HISTORICAL CONTROL DATA (with ranges, means and standard deviation, and 95% control limits for the distribution as well as the number of data)
- Positive historical control data: not reported
- Negative (solvent/vehicle) historical control data: not reported

Applicant's summary and conclusion

Conclusions:

The test substance did not have the ability to induce chromosomal aberration under the test conditions.

Executive summary:

A Chromosome aberration test with CHL/IU cells was conducted with the test substance suspended in 1% CMC-Na at concentrations up to 5 mg/mL .

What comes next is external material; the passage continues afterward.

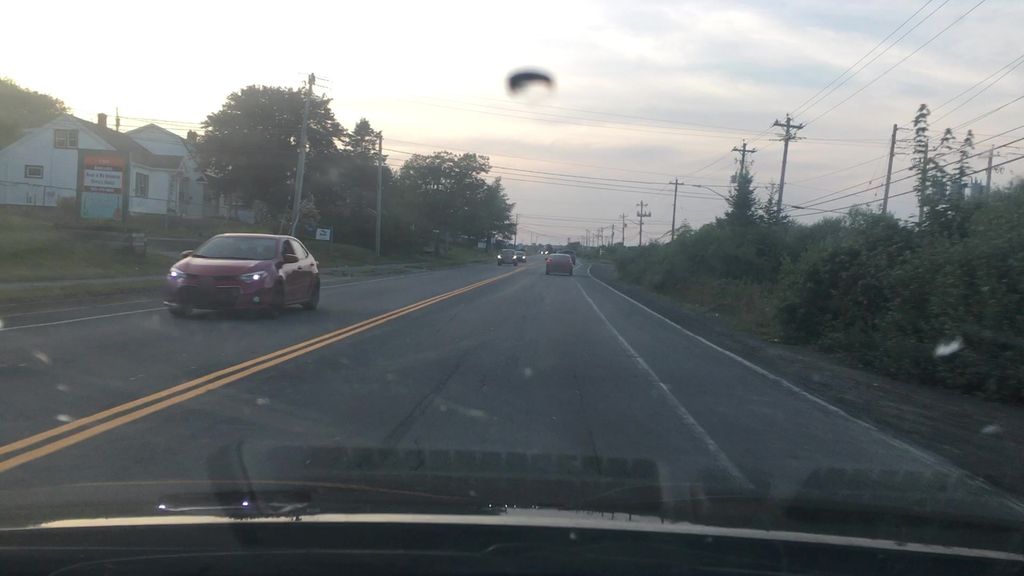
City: halifax
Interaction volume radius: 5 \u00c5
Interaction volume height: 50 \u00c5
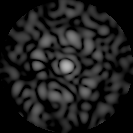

The number of chromosomal aberrant cells (structural aberrant cells and polyploid cells) did not increase in the treatment without or with metabolic activation. Number of chromosomal aberrant cells increased in the positive control group (MMC treatment group without S9Mix and B[a]P treatment group with S9Mix) and, therefore, these results showed that the test was conducted appropriately.

Based on the above results, it was judged that the test substance did not have the ability to induce chromosomal aberration.